The answer is the data below, repeated exactly, with no pictures included.

[Material shown Boundary: Start]

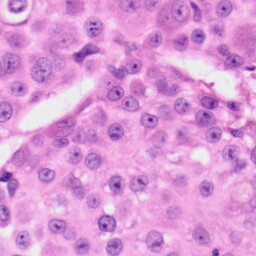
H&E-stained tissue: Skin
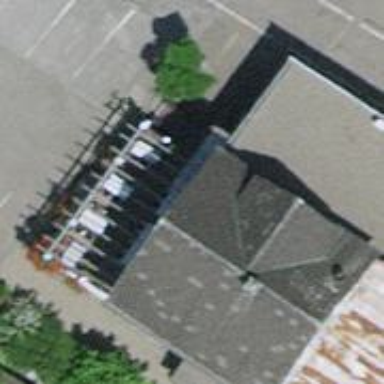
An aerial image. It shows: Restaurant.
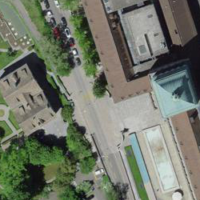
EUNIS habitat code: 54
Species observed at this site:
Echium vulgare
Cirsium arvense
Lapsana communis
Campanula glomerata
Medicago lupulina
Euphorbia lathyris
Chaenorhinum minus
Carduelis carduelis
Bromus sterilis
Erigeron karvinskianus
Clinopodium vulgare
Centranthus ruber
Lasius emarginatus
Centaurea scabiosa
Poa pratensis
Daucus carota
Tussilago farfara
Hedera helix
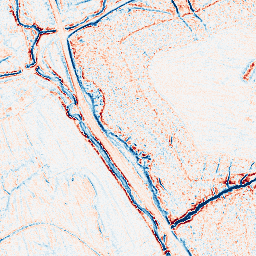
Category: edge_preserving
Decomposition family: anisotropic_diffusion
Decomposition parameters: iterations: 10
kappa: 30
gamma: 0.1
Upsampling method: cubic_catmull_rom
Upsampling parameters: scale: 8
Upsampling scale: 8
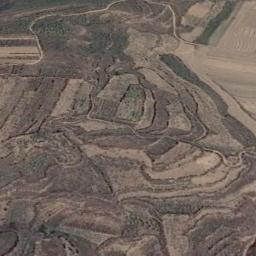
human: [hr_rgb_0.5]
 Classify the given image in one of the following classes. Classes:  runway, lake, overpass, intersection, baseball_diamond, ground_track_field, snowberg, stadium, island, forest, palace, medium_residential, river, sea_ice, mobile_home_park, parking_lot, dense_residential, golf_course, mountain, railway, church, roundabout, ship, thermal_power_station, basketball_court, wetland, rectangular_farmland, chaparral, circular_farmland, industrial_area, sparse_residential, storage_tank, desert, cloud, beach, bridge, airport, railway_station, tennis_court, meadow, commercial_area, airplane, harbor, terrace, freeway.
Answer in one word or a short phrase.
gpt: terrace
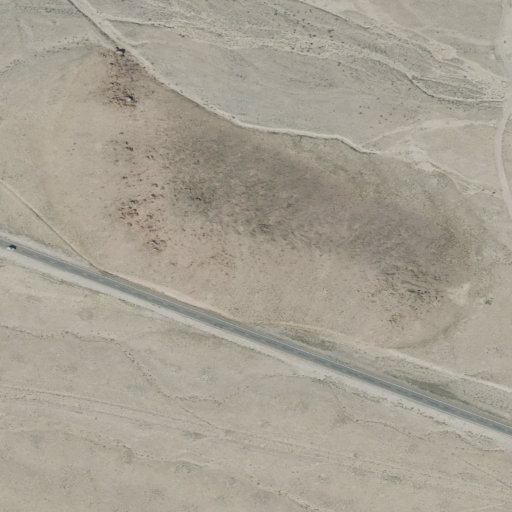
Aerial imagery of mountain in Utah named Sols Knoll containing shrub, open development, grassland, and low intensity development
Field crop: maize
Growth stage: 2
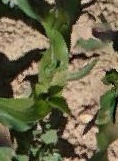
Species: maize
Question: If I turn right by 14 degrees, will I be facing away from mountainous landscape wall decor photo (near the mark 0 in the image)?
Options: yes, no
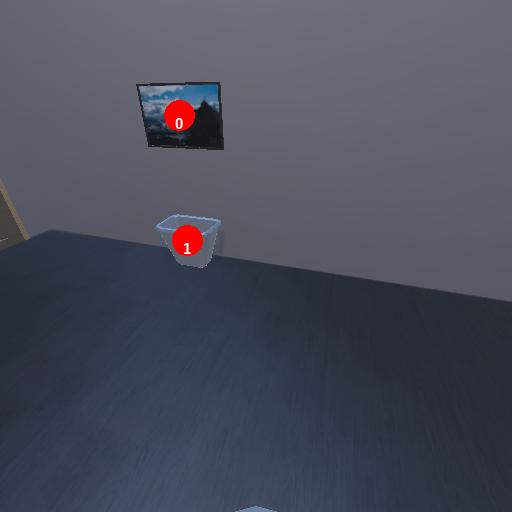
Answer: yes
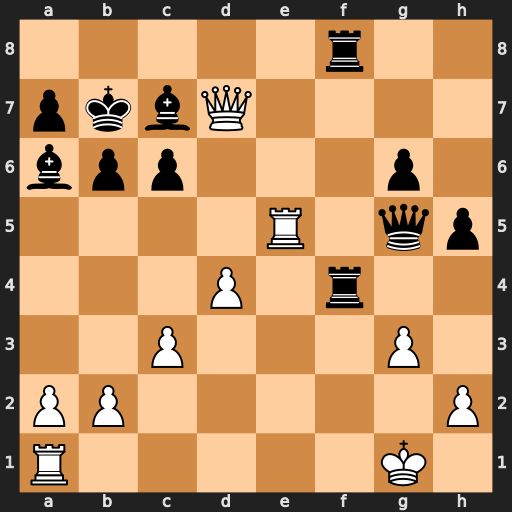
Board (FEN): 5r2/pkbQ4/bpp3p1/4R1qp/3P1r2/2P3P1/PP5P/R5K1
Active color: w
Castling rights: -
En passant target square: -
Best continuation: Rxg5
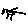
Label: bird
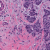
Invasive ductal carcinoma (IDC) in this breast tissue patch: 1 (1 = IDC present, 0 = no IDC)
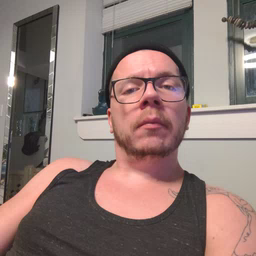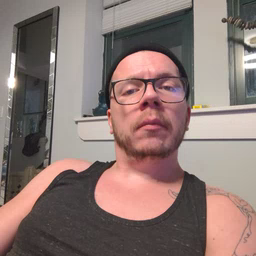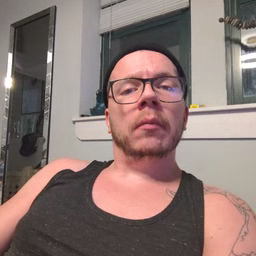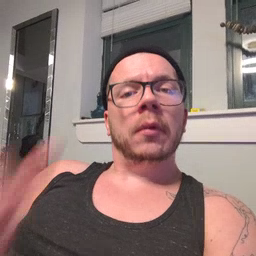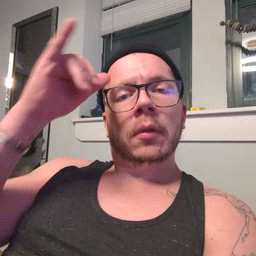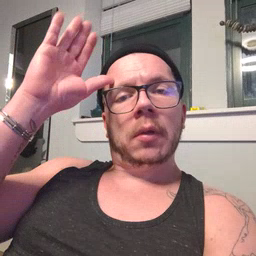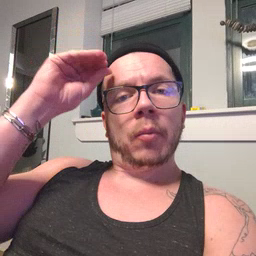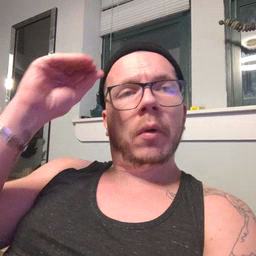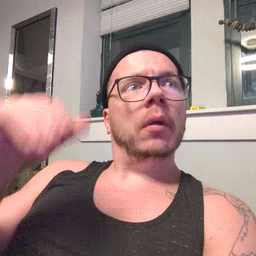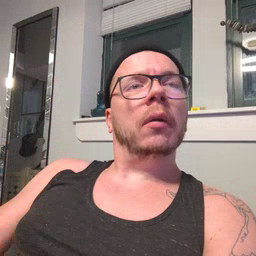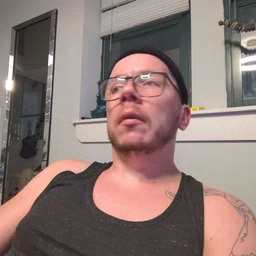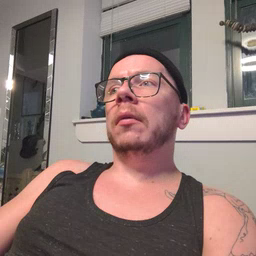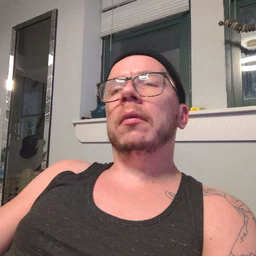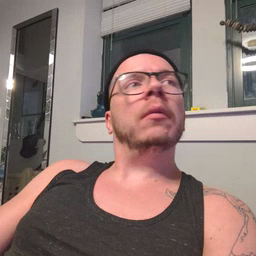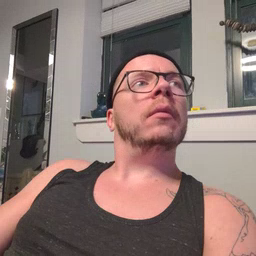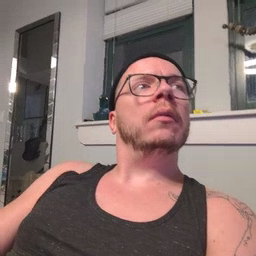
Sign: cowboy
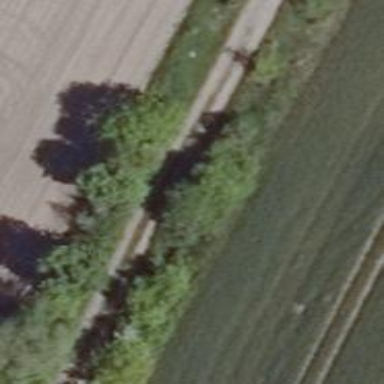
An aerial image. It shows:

[Material shown Boundary: End]

- **Solved problem**
H&E-stained tissue: Skin
An aerial image. It shows: Restaurant.
EUNIS habitat code: 54
Species observed at this site:
Echium vulgare
Cirsium arvense
Lapsana communis
Campanula glomerata
Medicago lupulina
Euphorbia lathyris
Chaenorhinum minus
Carduelis carduelis
Bromus sterilis
Erigeron karvinskianus
Clinopodium vulgare
Centranthus ruber
Lasius emarginatus
Centaurea scabiosa
Poa pratensis
Daucus carota
Tussilago farfara
Hedera helix
Category: edge_preserving
Decomposition family: anisotropic_diffusion
Decomposition parameters: iterations: 10
kappa: 30
gamma: 0.1
Upsampling method: cubic_catmull_rom
Upsampling parameters: scale: 8
Upsampling scale: 8
human: [hr_rgb_0.5]
 Classify the given image in one of the following classes. Classes:  runway, lake, overpass, intersection, baseball_diamond, ground_track_field, snowberg, stadium, island, forest, palace, medium_residential, river, sea_ice, mobile_home_park, parking_lot, dense_residential, golf_course, mountain, railway, church, roundabout, ship, thermal_power_station, basketball_court, wetland, rectangular_farmland, chaparral, circular_farmland, industrial_area, sparse_residential, storage_tank, desert, cloud, beach, bridge, airport, railway_station, tennis_court, meadow, commercial_area, airplane, harbor, terrace, freeway.
Answer in one word or a short phrase.
gpt: terrace
Aerial imagery of mountain in Utah named Sols Knoll containing shrub, open development, grassland, and low intensity development
Field crop: maize
Growth stage: 2
Species: maize
Question: If I turn right by 14 degrees, will I be facing away from mountainous landscape wall decor photo (near the mark 0 in the image)?
Options: yes, no
Answer: yes
Board (FEN): 5r2/pkbQ4/bpp3p1/4R1qp/3P1r2/2P3P1/PP5P/R5K1
Active color: w
Castling rights: -
En passant target square: -
Best continuation: Rxg5
Label: bird
Invasive ductal carcinoma (IDC) in this breast tissue patch: 1 (1 = IDC present, 0 = no IDC)
Sign: cowboy
An aerial image. It shows:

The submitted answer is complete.